Esas No: 2018/7294
Karar No: 2022/1833
Karar Tarihi: 24.03.2022
Danıştay 4. Daire 2018/7294 Esas 2022/1833 Karar Sayılı İlamı
Danıştay 4. Daire Başkanlığı 2018/7294 E. , 2022/1833 K."İçtihat Metni"
T.C.
D A N I Ş T A Y
DÖRDÜNCÜ DAİRE
Esas No : 2018/7294
Karar No : 2022/1833
TEMYİZ EDEN TARAFLAR : 1- … Vergi Dairesi Başkanlığı
(… Vergi Dairesi Müdürlüğü
VEKİLİ : Av. …
2- Tasfiye Halinde … Nakliyat Madencilik ve İnşaat Sanayi Ticaret Limited Şirketi
VEKİLİ : Av. …
İSTEMİN KONUSU : … Bölge İdare Mahkemesi … Vergi Dava Dairesinin … tarih ve E:… , K:… sayılı kararının temyizen incelenerek taraflarca aleyhlerine olan hüküm fıkralarının bozulması istenilmektedir.
YARGILAMA SÜRECİ :
Dava konusu istem : Davacı şirket adına tanzim ve tebliğ edilen … tarih ve … sayılı ve … tarih ve … sayılı ödeme emirlerinin iptali istenilmiştir.
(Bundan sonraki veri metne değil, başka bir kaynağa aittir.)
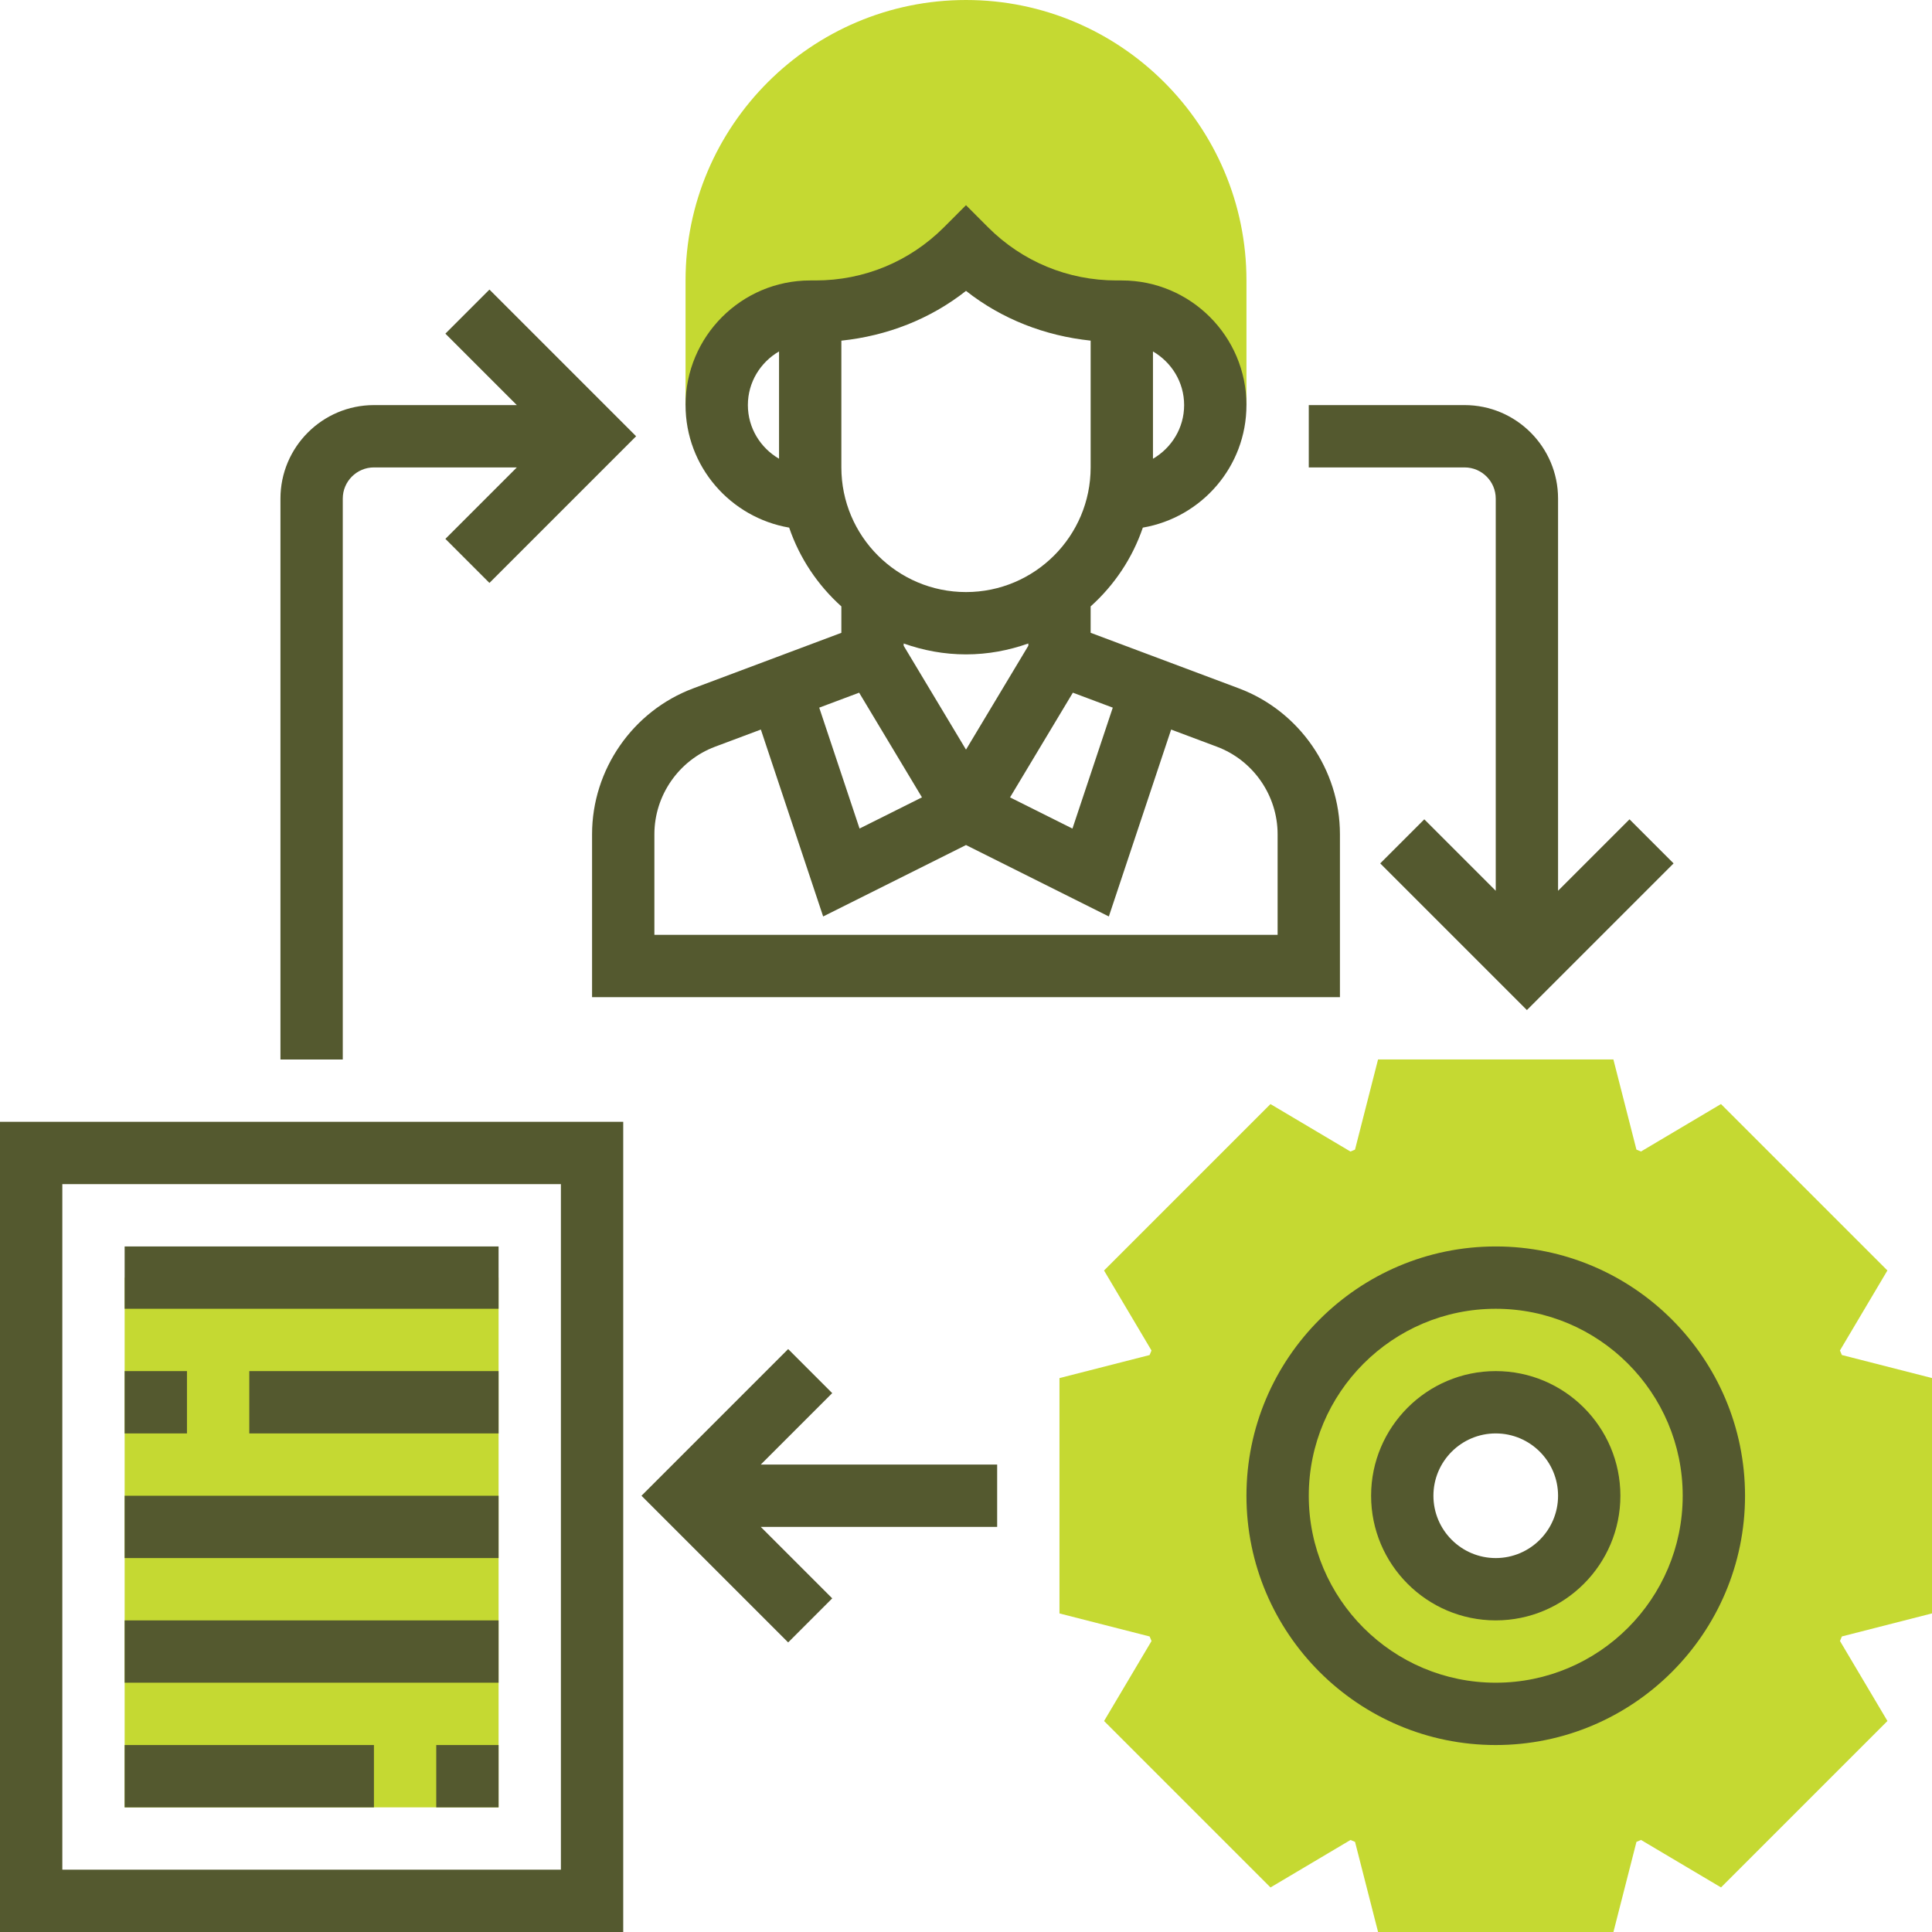 <?xml version="1.0" encoding="UTF-8"?> <svg xmlns="http://www.w3.org/2000/svg" xmlns:xlink="http://www.w3.org/1999/xlink" xmlns:svgjs="http://svgjs.com/svgjs" width="512" height="512" x="0" y="0" viewBox="0 0 496 496" style="enable-background:new 0 0 512 512" xml:space="preserve" class=""> <g> <g xmlns="http://www.w3.org/2000/svg" fill="#f0bc5e"> <path d="m32 328h96v136h-96zm0 0" fill="#c5d932" data-original="#f0bc5e" style="" class=""></path> <path d="m496 414.207v-60.422l-23.145-5.914c-.16-.391-.32-.781-.488-1.168l12.184-20.535-42.727-42.727-20.535 12.184c-.395-.168-.785-.328-1.168-.488l-5.914-23.137h-60.422l-5.914 23.145c-.391.16-.781.32-1.168.488l-20.535-12.184-42.727 42.727 12.184 20.535c-.168.395-.328.785-.488 1.168l-23.137 5.914v60.422l23.145 5.914c.16.391.32.781.488 1.168l-12.184 20.535 42.727 42.727 20.535-12.184c.395.168.785.328 1.168.488l5.914 23.137h60.422l5.914-23.145c.391-.16.781-.32 1.168-.488l20.535 12.184 42.727-42.727-12.184-20.535c.168-.395.328-.785.488-1.168zm-112-6.207c-13.258 0-24-10.742-24-24s10.742-24 24-24 24 10.742 24 24-10.742 24-24 24zm0 0" fill="#c5d932" data-original="#f0bc5e" style="" class=""></path> <path d="m248 0c-39.703 0-72 32.297-72 72v32h8c0-13.258 10.742-24 24-24h1.375c14.488 0 28.387-5.754 38.625-16 10.246 10.246 24.137 16 38.625 16h1.375c13.258 0 24 10.742 24 24h8v-32c0-39.703-32.297-72-72-72zm0 0" fill="#c5d932" data-original="#f0bc5e" style="" class=""></path> </g> <path xmlns="http://www.w3.org/2000/svg" d="m384 320c-35.289 0-64 28.711-64 64s28.711 64 64 64 64-28.711 64-64-28.711-64-64-64zm0 112c-26.473 0-48-21.527-48-48s21.527-48 48-48 48 21.527 48 48-21.527 48-48 48zm0 0" fill="#54592f" data-original="#000000" style="" class=""></path> <path xmlns="http://www.w3.org/2000/svg" d="m384 352c-17.648 0-32 14.352-32 32s14.352 32 32 32 32-14.352 32-32-14.352-32-32-32zm0 48c-8.824 0-16-7.176-16-16s7.176-16 16-16 16 7.176 16 16-7.176 16-16 16zm0 0" fill="#54592f" data-original="#000000" style="" class=""></path> <path xmlns="http://www.w3.org/2000/svg" d="m202.602 135.457c2.68 7.855 7.344 14.781 13.398 20.223v6.785l-38.039 14.262c-15.527 5.816-25.961 20.867-25.961 37.449v41.824h192v-41.824c0-16.582-10.434-31.633-25.953-37.457l-38.047-14.262v-6.777c6.055-5.434 10.719-12.359 13.398-20.223 15.074-2.586 26.602-15.664 26.602-31.457 0-17.648-14.352-32-32-32h-1.375c-12.457 0-24.168-4.848-32.969-13.656l-5.656-5.664-5.656 5.664c-8.809 8.809-20.512 13.656-32.969 13.656h-1.375c-17.648 0-32 14.352-32 32 0 15.793 11.527 28.871 26.602 31.457zm61.398 30.328-16 26.664-16-26.664v-.586c5.016 1.785 10.383 2.801 16 2.801s10.984-1.023 16-2.801zm-43.434 12.047 16.129 26.871-16.023 8.008-10.352-31.039zm107.434 36.344v25.824h-160v-25.824c0-9.953 6.258-18.977 15.574-22.473l11.762-4.406 15.992 47.984 36.672-18.336 36.672 18.336 15.992-47.984 11.77 4.414c9.309 3.488 15.566 12.512 15.566 22.465zm-42.32-32.504-10.352 31.047-16.023-8.008 16.129-26.879zm18.32-77.672c0 5.895-3.238 11-8 13.777v-27.547c4.762 2.77 8 7.875 8 13.77zm-56-29.32c9.238 7.273 20.289 11.535 32 12.77v32.551c0 17.648-14.352 32-32 32s-32-14.352-32-32v-32.543c11.711-1.234 22.762-5.504 32-12.777zm-48 15.543v27.547c-4.762-2.777-8-7.883-8-13.777 0-5.895 3.238-10.992 8-13.77zm0 0" fill="#54592f" data-original="#000000" style="" class=""></path> <path xmlns="http://www.w3.org/2000/svg" d="m0 496h160v-208h-160zm16-192h128v176h-128zm0 0" fill="#54592f" data-original="#000000" style="" class=""></path> <path xmlns="http://www.w3.org/2000/svg" d="m32 320h96v16h-96zm0 0" fill="#54592f" data-original="#000000" style="" class=""></path> <path xmlns="http://www.w3.org/2000/svg" d="m32 352h16v16h-16zm0 0" fill="#54592f" data-original="#000000" style="" class=""></path> <path xmlns="http://www.w3.org/2000/svg" d="m64 352h64v16h-64zm0 0" fill="#54592f" data-original="#000000" style="" class=""></path> <path xmlns="http://www.w3.org/2000/svg" d="m32 384h96v16h-96zm0 0" fill="#54592f" data-original="#000000" style="" class=""></path> <path xmlns="http://www.w3.org/2000/svg" d="m32 416h96v16h-96zm0 0" fill="#54592f" data-original="#000000" style="" class=""></path> <path xmlns="http://www.w3.org/2000/svg" d="m112 448h16v16h-16zm0 0" fill="#54592f" data-original="#000000" style="" class=""></path> <path xmlns="http://www.w3.org/2000/svg" d="m32 448h64v16h-64zm0 0" fill="#54592f" data-original="#000000" style="" class=""></path> <path xmlns="http://www.w3.org/2000/svg" d="m213.656 357.656-11.312-11.312-37.656 37.656 37.656 37.656 11.312-11.312-18.344-18.344h60.688v-16h-60.688zm0 0" fill="#54592f" data-original="#000000" style="" class=""></path> <path xmlns="http://www.w3.org/2000/svg" d="m88 128c0-4.406 3.586-8 8-8h36.688l-18.344 18.344 11.312 11.312 37.656-37.656-37.656-37.656-11.312 11.312 18.344 18.344h-36.688c-13.23 0-24 10.77-24 24v144h16zm0 0" fill="#54592f" data-original="#000000" style="" class=""></path> <path xmlns="http://www.w3.org/2000/svg" d="m384 128v100.688l-18.344-18.344-11.312 11.312 37.656 37.656 37.656-37.656-11.312-11.312-18.344 18.344v-100.688c0-13.23-10.77-24-24-24h-40v16h40c4.414 0 8 3.594 8 8zm0 0" fill="#54592f" data-original="#000000" style="" class=""></path> </g> </svg>

İlk Derece Mahkemesi kararının özeti: … Vergi Mahkemesince verilen … tarih ve E:… , K:… sayılı kararda; davacı tasfiye halinde şirket adına düzenlenen … tarih ve … sayılı ödeme emri içeriği borçların, 2010 hesap dönemine ilişkin borçlar olduğu ve anılan ödeme emri içeriği borçlar için tarhiyat öncesi uzlaşma talebinde bulunulduğu ve tarhiyat öncesi uzlaşmanın sağlandığı, uzlaşmaya varılan vergilerin ödeme süresi içinde ödenmemesi üzerine tahsilini temin maksadıyla düzenlenen dava konusu ödeme emrinde hukuka aykırılık bulunmadığı, … tarih ve … sayılı ödeme emrine gelince ise ödeme emri içeriği 2008/4, 10, 11, 12. dönemleri katma değer vergisi, gecikme faizi, vergi ziyaı cezasına ilişkin ihbarnamelerin tebliğ alındısından 17/11/2014 tarihinde tebliğ edildiği, söz konusu alacakların en geç 31/12/2013 tarihinde tebliğ edilmesi gerektiğinden bu tarih geçtikten sonra 17/11/2014 tarihinde tebliğ edilmesinden dolayı zamanaşımı söz konusu olduğundan hukuka uyarlık bulunmadığı, aynı ödeme emri içeriği 2013, 2014 yılları özel usulsüzlük cezalarına ilişkin kısımda ise; 18/10/2011 tarih ve 7923 sayılı Ticaret Sicili Gazetesi'nde davacı şirketin tasfiyeye girme kararının yayımlandığı görülmüş olup, tasfiye süresi içerisinde şirketin herhangi bir mal veya hizmet alım satımı yaptığına dair davalı idarece bir tespitte bulunulmadığından, tasfiyeye giriş tarihinden itibaren şirketin vergisel yükümlülüklerini doğuracak herhangi bir ticari faaliyeti olduğundan da söz etme olanağı yoktur. Olayda, tasfiye halinde ki şirketin sadece tasfiye işlemlerinin yürütülmesi amacıyla tasfiye memuru tarafından sınırlı bir biçimde faaliyette bulunulması söz konusu olup, aktif mükelleflerde olduğu gibi beyanname verilmesini veya Ba-Bs bildiriminde bulunulmasını gerektiren bir ticari faaliyetten söz edilemeyeceği, ticari faaliyeti olduğuna ilişkin bir tespit bulunmayan tasfiye halindeki şirketin, faal mükellef olarak beyanname ve Ba-Bs formu verme zorunluluğu bulunduğundan da söz edilemeyeceğinden, davacı tasfiye halinde olan şirket tarafından beyannamelerin verilmediğinden bahisle kesilen özel usulsüzlük cezaları yönünden "borcum yoktur" kapsamında görüldüğü uyuşmazlık konusu ödeme emrinin bu kısmında da hukuka uyarlık bulunmadığı, aynı ödeme emri içeriği 2009/5. dönemine ilişkin kısmında ise hukuka aykırılık bulunmadığı sonucuna varılmıştır. Belirtilen gerekçelerle davanın kısmen kabul, kısmen reddine karar verilmiştir.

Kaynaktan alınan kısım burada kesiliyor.